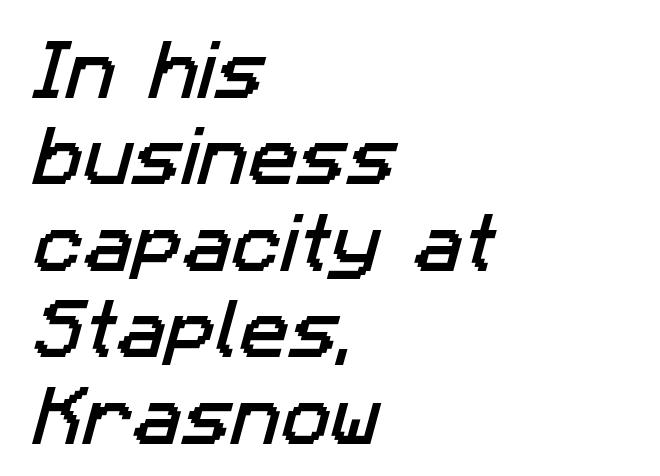
This rendering features lettering with no underline. Interline gaps are of average width in this sample. Spacing between characters is what you'd get straight out of the box. The passage shown is typed in a proportional face where columns would drift.
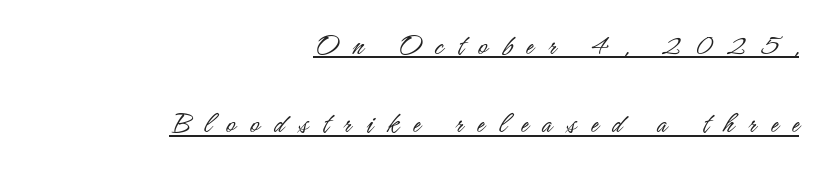
The image shows 32 px light, condensed sans-serif type; set right-aligned, loose line spacing (2.45x), unusually wide letter spacing (+0.45 em), underlined; low stroke contrast and a small x-height.
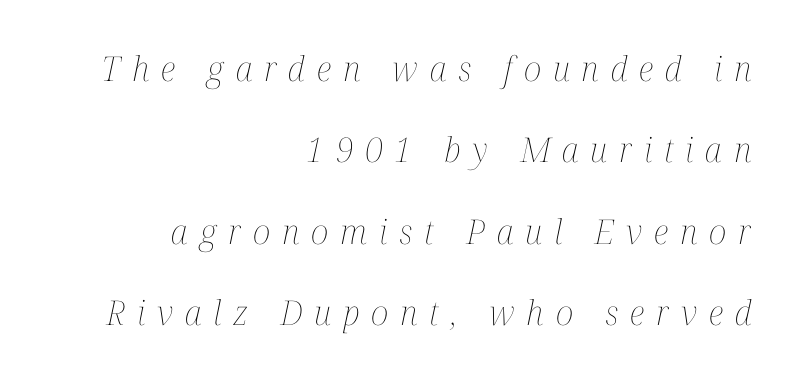
Q: Is the text bold? A: No.
Q: Is the text italic (slanted)? A: Yes, it leans right by about 12 degrees.
Q: Is the text underlined? A: No.
Q: How is the paragraph aligned? A: Right-aligned.
Q: Is the spacing between letters normal or unusually wide? A: Unusually wide.
Q: Is the spacing between lines tight, normal or loose? A: Loose.
Q: Width (condensed, normal, or wide)? A: Condensed.
Q: Stroke contrast? A: Medium.
Q: x-height? A: Medium.
Q: Monospaced? A: No.

* **PROBLEM TO WORK ON**
Starting with the line that contains "Q: Width (condensed, normal, or", return every line through the last one of the records, exactly as written.

* **WRITTEN SOLUTION**
Q: Width (condensed, normal, or wide)? A: Condensed.
Q: Stroke contrast? A: Medium.
Q: x-height? A: Medium.
Q: Monospaced? A: No.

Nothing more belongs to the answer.